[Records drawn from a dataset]
BEGIN
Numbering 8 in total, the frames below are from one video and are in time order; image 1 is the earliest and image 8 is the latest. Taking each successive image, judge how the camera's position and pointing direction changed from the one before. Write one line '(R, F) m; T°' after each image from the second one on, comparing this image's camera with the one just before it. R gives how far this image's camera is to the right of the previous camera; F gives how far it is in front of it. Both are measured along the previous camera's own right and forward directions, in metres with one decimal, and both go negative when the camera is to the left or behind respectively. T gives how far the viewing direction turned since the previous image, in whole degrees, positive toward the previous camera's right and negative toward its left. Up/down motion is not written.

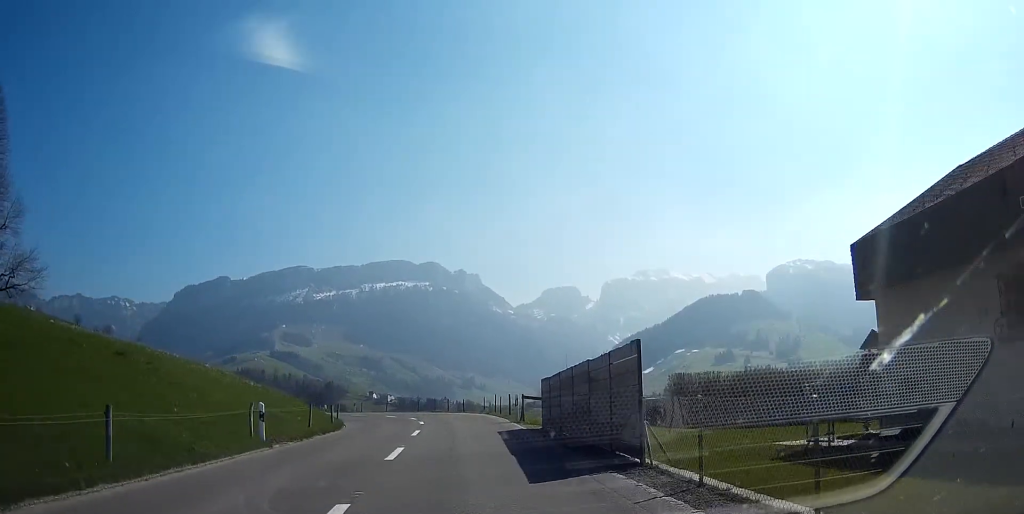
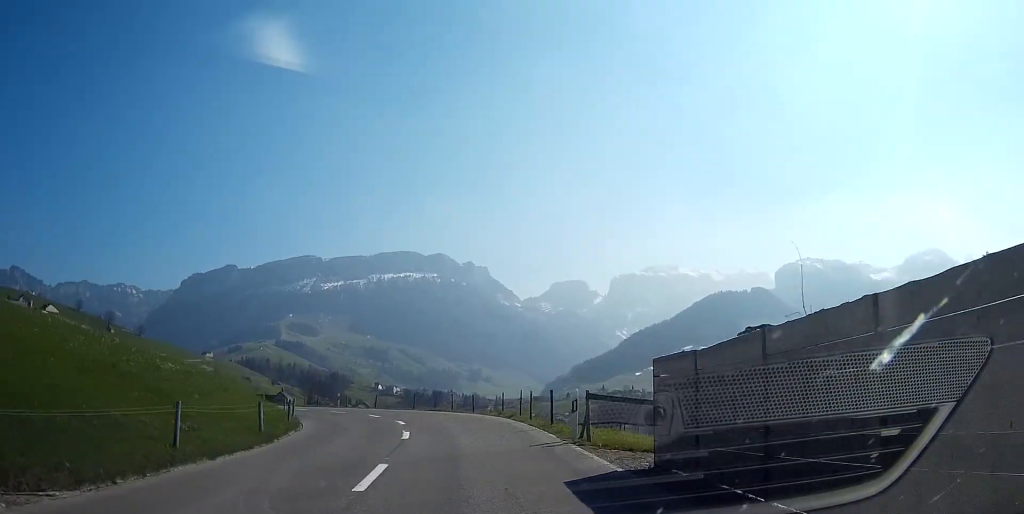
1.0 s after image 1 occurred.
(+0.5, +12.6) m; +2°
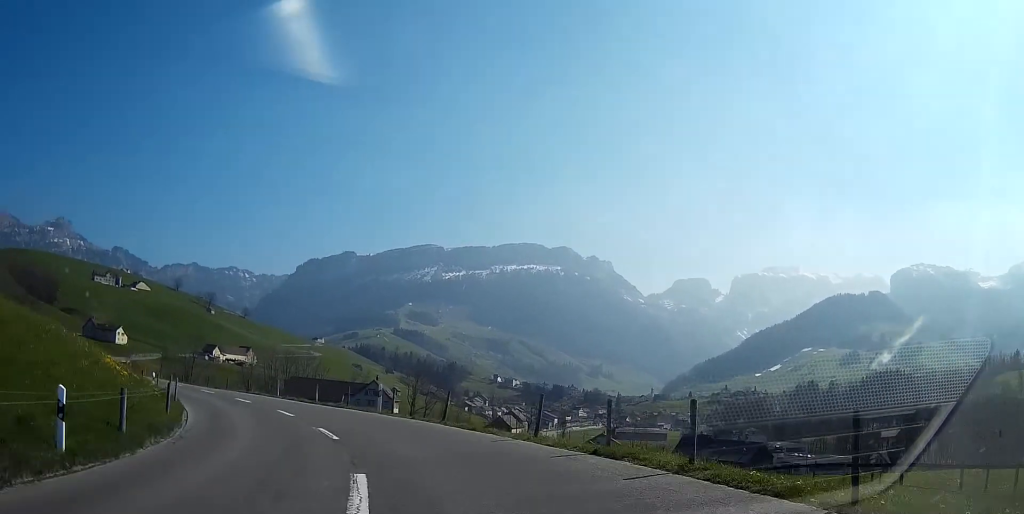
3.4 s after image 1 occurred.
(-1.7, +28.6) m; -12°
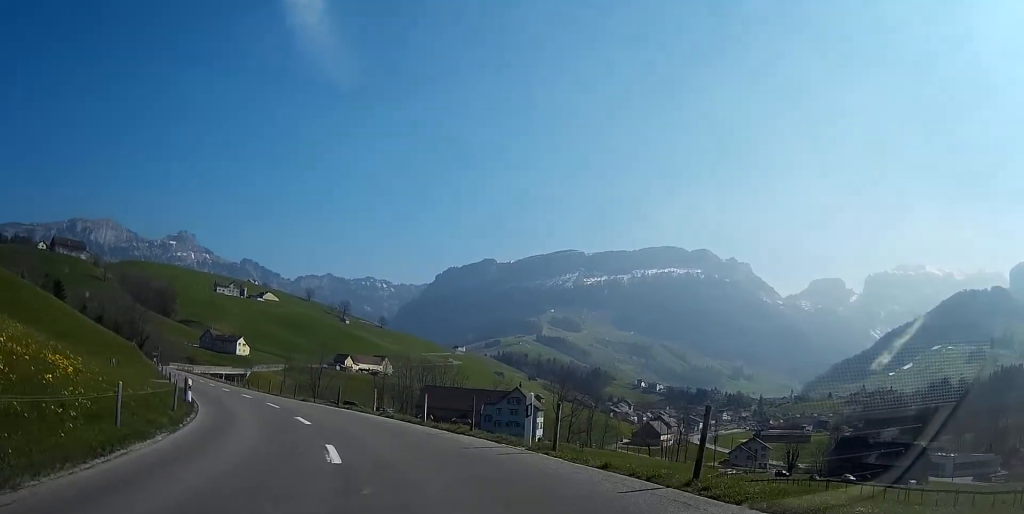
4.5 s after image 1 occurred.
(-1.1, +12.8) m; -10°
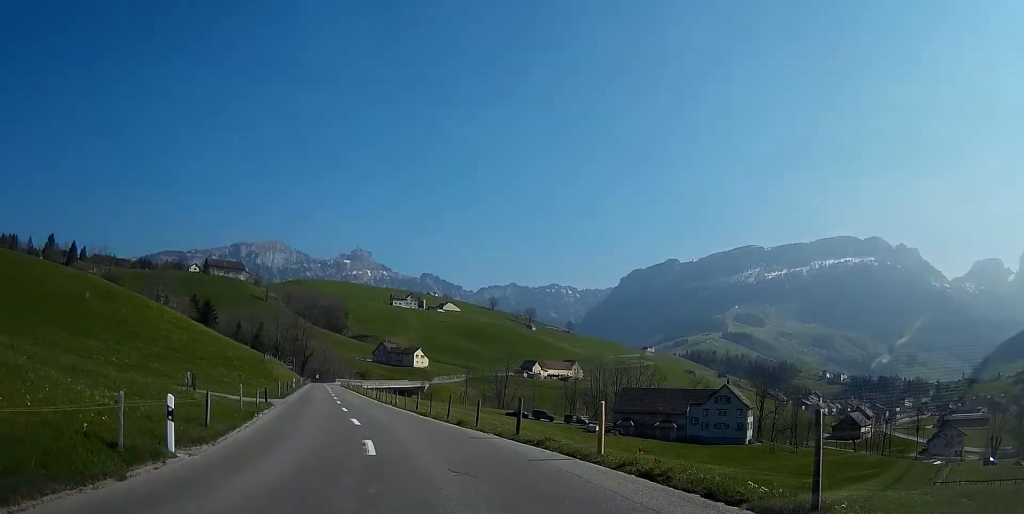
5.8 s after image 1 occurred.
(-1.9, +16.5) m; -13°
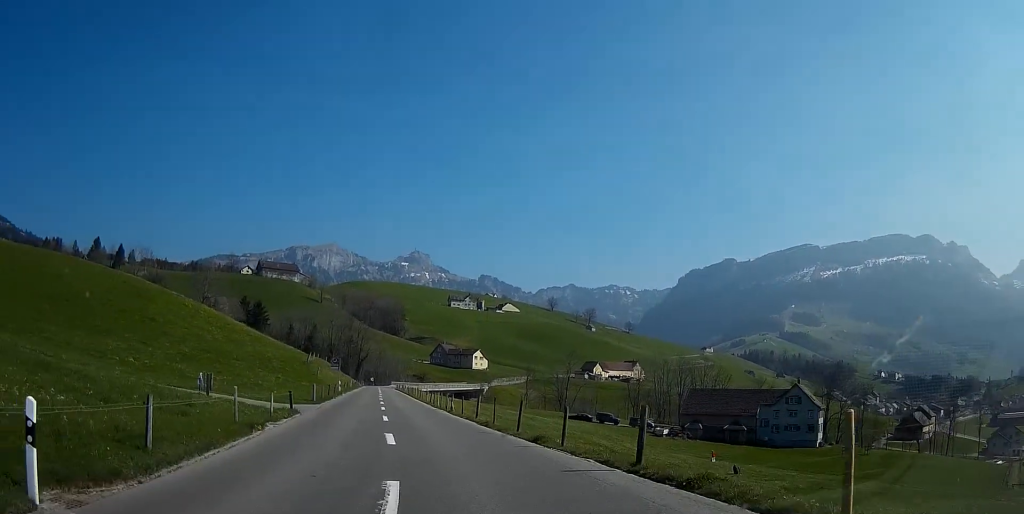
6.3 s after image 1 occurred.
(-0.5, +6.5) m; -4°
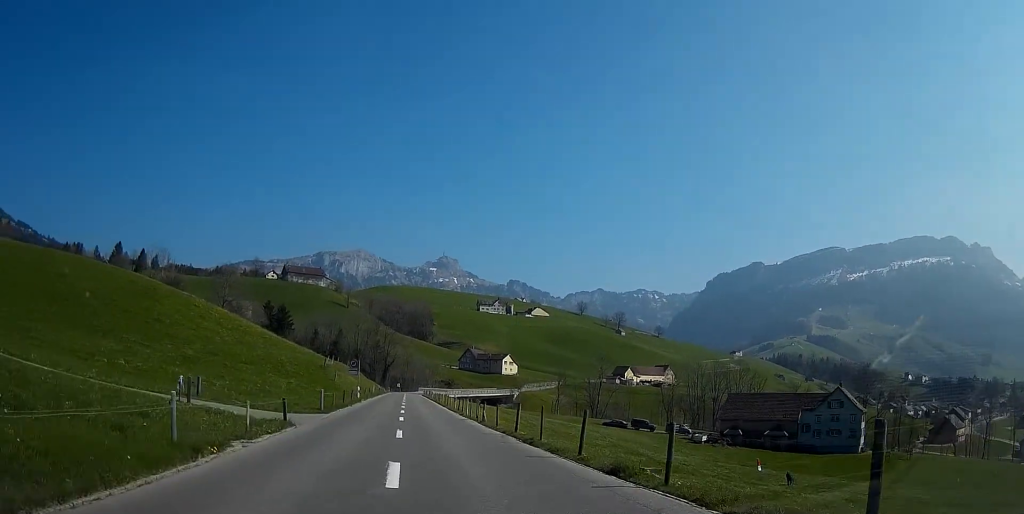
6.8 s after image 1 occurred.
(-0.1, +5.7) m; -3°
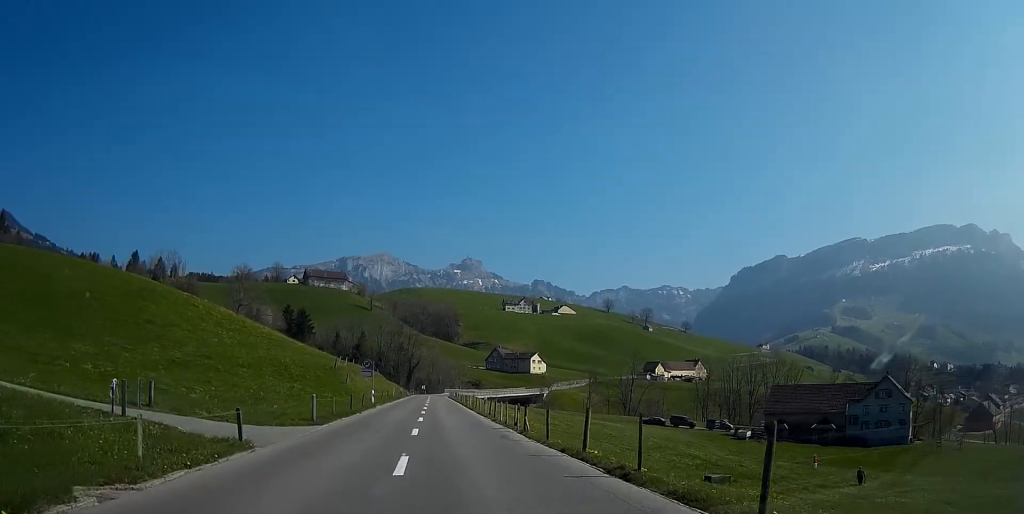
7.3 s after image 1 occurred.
END
> What the task asks:
When you return the records, keep every word unchanged and drop the pictures.

> Final answer:
Numbering 8 in total, the frames below are from one video and are in time order; image 1 is the earliest and image 8 is the latest. Taking each successive image, judge how the camera's position and pointing direction changed from the one before. Write one line '(R, F) m; T°' after each image from the second one on, comparing this image's camera with the one just before it. R gives how far this image's camera is to the right of the previous camera; F gives how far it is in front of it. Both are measured along the previous camera's own right and forward directions, in metres with one decimal, and both go negative when the camera is to the left or behind respectively. T gives how far the viewing direction turned since the previous image, in whole degrees, positive toward the previous camera's right and negative toward its left. Up/down motion is not written.

1.0 s after image 1 occurred.
(+0.5, +12.6) m; +2°
3.4 s after image 1 occurred.
(-1.7, +28.6) m; -12°
4.5 s after image 1 occurred.
(-1.1, +12.8) m; -10°
5.8 s after image 1 occurred.
(-1.9, +16.5) m; -13°
6.3 s after image 1 occurred.
(-0.5, +6.5) m; -4°
6.8 s after image 1 occurred.
(-0.1, +5.7) m; -3°
7.3 s after image 1 occurred.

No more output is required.